### ACTION ITEM:
In the records below, find the line that contains "hwanden gewählt, den Herrn Ge¬" and the line that contains "လူဝကြီးသည် မြင်းပေါ်မှ လန်ကျသွားသည်။", then retype exactly those two lines and every line between them.

### DATASET RECORDS:
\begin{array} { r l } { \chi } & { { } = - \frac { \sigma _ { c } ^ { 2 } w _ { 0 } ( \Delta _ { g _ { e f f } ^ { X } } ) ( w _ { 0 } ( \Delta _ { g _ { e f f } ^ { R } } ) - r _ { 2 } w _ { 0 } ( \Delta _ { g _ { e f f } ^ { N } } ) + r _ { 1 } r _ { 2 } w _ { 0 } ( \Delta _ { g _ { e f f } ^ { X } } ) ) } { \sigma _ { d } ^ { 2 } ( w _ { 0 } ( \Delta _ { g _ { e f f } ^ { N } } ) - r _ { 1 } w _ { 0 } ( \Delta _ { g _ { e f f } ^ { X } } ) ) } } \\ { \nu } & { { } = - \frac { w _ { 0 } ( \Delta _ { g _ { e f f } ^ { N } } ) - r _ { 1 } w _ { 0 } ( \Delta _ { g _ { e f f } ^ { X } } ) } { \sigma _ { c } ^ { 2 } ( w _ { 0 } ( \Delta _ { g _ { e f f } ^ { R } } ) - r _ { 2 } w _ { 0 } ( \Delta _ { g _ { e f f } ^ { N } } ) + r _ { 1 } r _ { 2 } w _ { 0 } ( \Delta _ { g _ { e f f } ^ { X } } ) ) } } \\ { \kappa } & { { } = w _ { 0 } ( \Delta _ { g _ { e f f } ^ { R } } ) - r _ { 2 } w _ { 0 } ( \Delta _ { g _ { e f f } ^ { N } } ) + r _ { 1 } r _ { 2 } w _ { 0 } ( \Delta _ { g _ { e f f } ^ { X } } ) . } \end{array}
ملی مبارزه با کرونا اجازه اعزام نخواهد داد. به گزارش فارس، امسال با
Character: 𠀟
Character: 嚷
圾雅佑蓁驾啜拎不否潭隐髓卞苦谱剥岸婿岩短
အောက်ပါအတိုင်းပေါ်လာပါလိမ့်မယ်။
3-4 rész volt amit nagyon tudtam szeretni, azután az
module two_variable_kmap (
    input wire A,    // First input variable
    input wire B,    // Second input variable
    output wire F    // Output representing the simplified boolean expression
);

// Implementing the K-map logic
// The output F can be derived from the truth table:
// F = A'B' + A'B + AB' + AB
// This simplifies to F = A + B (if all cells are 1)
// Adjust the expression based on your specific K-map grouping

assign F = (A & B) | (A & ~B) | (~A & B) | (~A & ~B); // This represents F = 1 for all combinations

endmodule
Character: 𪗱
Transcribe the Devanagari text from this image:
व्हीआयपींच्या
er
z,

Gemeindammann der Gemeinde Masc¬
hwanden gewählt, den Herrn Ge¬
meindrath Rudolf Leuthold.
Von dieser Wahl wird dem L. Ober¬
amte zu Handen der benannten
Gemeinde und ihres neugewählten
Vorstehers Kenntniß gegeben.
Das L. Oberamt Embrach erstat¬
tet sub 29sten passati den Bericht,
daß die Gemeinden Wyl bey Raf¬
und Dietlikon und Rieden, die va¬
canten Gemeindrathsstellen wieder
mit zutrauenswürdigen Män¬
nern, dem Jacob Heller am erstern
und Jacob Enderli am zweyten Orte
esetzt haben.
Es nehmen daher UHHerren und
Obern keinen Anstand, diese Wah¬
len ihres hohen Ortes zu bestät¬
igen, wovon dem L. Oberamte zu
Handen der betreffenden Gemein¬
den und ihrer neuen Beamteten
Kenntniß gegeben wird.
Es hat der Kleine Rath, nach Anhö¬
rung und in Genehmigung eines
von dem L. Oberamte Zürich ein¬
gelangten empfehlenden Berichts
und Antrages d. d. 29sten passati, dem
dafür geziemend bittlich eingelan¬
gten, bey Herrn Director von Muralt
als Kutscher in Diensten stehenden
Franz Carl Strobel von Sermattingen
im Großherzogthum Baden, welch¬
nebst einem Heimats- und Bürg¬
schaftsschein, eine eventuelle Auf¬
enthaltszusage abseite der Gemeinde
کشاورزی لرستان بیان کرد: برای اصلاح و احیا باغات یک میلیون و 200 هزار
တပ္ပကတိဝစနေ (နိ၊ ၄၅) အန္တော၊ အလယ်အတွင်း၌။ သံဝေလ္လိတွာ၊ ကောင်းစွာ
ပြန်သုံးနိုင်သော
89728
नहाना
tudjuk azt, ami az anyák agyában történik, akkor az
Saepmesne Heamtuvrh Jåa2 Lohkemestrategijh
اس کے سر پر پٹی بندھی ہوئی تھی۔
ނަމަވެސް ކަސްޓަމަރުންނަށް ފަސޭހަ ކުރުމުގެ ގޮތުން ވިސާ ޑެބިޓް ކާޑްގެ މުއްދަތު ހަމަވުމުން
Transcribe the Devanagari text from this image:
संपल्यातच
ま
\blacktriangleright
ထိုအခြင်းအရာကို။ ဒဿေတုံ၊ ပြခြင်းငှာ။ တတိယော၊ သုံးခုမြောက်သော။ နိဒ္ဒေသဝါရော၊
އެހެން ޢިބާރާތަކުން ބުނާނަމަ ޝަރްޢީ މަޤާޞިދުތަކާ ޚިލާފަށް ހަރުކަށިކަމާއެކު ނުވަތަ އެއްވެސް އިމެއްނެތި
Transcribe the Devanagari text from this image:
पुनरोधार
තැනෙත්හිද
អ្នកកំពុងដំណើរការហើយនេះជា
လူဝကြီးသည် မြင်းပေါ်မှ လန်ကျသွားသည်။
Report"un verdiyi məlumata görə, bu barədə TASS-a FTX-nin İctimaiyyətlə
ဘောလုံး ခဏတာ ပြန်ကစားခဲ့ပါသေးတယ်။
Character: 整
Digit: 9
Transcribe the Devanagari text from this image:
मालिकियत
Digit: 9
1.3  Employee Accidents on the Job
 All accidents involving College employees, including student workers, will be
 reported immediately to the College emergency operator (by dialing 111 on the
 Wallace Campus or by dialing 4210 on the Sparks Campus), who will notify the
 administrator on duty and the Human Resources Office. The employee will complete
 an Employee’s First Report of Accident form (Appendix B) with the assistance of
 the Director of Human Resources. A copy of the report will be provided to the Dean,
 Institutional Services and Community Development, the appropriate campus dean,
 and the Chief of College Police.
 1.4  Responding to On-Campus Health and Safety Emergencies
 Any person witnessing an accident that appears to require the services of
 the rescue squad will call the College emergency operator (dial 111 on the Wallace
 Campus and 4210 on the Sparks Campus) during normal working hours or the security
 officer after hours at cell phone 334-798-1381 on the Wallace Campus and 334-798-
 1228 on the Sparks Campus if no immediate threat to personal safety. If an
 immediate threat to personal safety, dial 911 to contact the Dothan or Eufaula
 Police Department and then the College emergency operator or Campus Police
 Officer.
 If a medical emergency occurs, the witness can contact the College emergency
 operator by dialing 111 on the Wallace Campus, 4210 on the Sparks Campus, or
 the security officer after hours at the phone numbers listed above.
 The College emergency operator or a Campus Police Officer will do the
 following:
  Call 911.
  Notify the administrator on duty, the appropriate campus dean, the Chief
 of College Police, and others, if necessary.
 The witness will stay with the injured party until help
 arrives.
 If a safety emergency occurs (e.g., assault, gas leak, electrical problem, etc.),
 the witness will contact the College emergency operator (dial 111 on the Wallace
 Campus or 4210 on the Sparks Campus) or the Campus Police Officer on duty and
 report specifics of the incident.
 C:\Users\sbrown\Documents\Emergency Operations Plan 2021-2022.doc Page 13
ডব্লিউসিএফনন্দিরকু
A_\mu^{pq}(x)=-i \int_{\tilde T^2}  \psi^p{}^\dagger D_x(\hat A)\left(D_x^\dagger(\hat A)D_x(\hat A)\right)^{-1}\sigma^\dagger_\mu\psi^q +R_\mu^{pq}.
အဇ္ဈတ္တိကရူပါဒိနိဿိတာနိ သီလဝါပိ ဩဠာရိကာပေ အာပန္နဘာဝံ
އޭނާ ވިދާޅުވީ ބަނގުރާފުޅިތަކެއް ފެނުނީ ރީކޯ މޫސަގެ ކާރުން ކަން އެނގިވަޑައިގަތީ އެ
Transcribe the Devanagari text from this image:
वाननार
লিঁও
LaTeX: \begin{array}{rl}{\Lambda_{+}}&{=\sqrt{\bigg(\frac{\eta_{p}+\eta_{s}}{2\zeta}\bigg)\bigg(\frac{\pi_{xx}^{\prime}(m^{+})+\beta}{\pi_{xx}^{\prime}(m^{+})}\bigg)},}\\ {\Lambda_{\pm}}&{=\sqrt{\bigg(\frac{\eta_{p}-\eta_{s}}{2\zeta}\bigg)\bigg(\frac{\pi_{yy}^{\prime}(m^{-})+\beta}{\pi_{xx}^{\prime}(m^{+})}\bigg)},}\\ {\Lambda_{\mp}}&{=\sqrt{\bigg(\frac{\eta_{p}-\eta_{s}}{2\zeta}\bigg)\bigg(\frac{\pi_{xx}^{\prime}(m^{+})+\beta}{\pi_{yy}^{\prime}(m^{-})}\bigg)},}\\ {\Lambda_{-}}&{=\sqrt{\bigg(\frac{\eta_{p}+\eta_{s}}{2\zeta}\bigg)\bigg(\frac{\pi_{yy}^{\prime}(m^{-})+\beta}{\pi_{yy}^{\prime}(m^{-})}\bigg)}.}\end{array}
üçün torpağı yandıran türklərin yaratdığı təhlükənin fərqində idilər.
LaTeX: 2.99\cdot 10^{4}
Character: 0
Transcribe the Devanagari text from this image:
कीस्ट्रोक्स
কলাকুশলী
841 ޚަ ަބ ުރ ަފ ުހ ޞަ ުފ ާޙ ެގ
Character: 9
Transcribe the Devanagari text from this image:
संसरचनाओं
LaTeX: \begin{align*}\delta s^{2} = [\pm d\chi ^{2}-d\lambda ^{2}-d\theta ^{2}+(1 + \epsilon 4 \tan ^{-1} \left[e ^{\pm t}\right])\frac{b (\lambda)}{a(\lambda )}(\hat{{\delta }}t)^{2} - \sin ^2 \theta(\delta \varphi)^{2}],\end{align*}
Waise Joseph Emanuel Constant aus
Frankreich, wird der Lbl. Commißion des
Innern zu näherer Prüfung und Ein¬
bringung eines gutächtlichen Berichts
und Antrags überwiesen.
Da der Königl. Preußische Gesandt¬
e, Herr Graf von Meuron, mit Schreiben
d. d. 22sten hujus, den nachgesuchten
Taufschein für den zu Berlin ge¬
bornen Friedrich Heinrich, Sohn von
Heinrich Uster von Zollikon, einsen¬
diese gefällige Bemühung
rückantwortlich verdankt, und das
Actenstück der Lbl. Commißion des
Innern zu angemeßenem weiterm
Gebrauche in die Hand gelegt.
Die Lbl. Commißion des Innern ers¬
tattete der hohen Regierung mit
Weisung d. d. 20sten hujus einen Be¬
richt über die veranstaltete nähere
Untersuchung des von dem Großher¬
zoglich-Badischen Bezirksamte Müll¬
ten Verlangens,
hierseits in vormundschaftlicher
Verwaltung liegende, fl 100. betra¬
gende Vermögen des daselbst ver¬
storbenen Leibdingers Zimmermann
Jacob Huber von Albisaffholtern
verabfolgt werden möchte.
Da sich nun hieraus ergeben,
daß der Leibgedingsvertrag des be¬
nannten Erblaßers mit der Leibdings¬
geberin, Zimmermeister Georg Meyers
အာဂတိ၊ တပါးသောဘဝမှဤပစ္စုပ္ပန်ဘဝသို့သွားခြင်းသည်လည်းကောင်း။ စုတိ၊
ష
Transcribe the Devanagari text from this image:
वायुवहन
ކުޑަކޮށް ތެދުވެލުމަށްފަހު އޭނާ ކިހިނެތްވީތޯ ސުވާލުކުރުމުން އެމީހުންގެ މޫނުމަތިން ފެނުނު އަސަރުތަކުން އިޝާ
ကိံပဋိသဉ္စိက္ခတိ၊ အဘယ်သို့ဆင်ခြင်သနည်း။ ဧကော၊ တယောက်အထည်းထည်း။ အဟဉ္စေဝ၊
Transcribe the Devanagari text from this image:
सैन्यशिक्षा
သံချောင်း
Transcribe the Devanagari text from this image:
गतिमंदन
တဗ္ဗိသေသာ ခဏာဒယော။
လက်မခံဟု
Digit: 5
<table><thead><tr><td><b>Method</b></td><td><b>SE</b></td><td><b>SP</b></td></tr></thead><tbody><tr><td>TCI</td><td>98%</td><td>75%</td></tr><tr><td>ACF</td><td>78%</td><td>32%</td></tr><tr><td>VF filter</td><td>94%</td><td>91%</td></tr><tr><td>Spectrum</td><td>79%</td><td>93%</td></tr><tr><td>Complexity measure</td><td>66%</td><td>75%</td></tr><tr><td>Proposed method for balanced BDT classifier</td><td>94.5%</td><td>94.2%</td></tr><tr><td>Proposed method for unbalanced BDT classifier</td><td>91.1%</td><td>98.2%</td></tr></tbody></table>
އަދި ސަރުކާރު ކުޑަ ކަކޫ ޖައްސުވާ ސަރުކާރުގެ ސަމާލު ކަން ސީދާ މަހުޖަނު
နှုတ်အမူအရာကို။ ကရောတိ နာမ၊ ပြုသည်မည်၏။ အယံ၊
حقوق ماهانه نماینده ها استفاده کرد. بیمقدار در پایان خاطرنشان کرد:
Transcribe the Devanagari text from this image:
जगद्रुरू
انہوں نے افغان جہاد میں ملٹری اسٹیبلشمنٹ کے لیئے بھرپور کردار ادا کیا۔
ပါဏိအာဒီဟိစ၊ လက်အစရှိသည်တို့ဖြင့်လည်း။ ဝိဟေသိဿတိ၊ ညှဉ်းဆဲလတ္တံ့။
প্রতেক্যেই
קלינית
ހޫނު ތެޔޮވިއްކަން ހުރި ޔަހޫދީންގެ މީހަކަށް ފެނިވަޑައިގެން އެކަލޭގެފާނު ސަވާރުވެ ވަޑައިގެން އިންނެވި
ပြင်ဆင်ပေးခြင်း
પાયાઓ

### WORKED SOLUTION:
hwanden gewählt, den Herrn Ge¬
meindrath Rudolf Leuthold.
Von dieser Wahl wird dem L. Ober¬
amte zu Handen der benannten
Gemeinde und ihres neugewählten
Vorstehers Kenntniß gegeben.
Das L. Oberamt Embrach erstat¬
tet sub 29sten passati den Bericht,
daß die Gemeinden Wyl bey Raf¬
und Dietlikon und Rieden, die va¬
canten Gemeindrathsstellen wieder
mit zutrauenswürdigen Män¬
nern, dem Jacob Heller am erstern
und Jacob Enderli am zweyten Orte
esetzt haben.
Es nehmen daher UHHerren und
Obern keinen Anstand, diese Wah¬
len ihres hohen Ortes zu bestät¬
igen, wovon dem L. Oberamte zu
Handen der betreffenden Gemein¬
den und ihrer neuen Beamteten
Kenntniß gegeben wird.
Es hat der Kleine Rath, nach Anhö¬
rung und in Genehmigung eines
von dem L. Oberamte Zürich ein¬
gelangten empfehlenden Berichts
und Antrages d. d. 29sten passati, dem
dafür geziemend bittlich eingelan¬
gten, bey Herrn Director von Muralt
als Kutscher in Diensten stehenden
Franz Carl Strobel von Sermattingen
im Großherzogthum Baden, welch¬
nebst einem Heimats- und Bürg¬
schaftsschein, eine eventuelle Auf¬
enthaltszusage abseite der Gemeinde
کشاورزی لرستان بیان کرد: برای اصلاح و احیا باغات یک میلیون و 200 هزار
တပ္ပကတိဝစနေ (နိ၊ ၄၅) အန္တော၊ အလယ်အတွင်း၌။ သံဝေလ္လိတွာ၊ ကောင်းစွာ
ပြန်သုံးနိုင်သော
89728
नहाना
tudjuk azt, ami az anyák agyában történik, akkor az
Saepmesne Heamtuvrh Jåa2 Lohkemestrategijh
اس کے سر پر پٹی بندھی ہوئی تھی۔
ނަމަވެސް ކަސްޓަމަރުންނަށް ފަސޭހަ ކުރުމުގެ ގޮތުން ވިސާ ޑެބިޓް ކާޑްގެ މުއްދަތު ހަމަވުމުން
Transcribe the Devanagari text from this image:
संपल्यातच
ま
\blacktriangleright
ထိုအခြင်းအရာကို။ ဒဿေတုံ၊ ပြခြင်းငှာ။ တတိယော၊ သုံးခုမြောက်သော။ နိဒ္ဒေသဝါရော၊
އެހެން ޢިބާރާތަކުން ބުނާނަމަ ޝަރްޢީ މަޤާޞިދުތަކާ ޚިލާފަށް ހަރުކަށިކަމާއެކު ނުވަތަ އެއްވެސް އިމެއްނެތި
Transcribe the Devanagari text from this image:
पुनरोधार
තැනෙත්හිද
អ្នកកំពុងដំណើរការហើយនេះជា
လူဝကြီးသည် မြင်းပေါ်မှ လန်ကျသွားသည်။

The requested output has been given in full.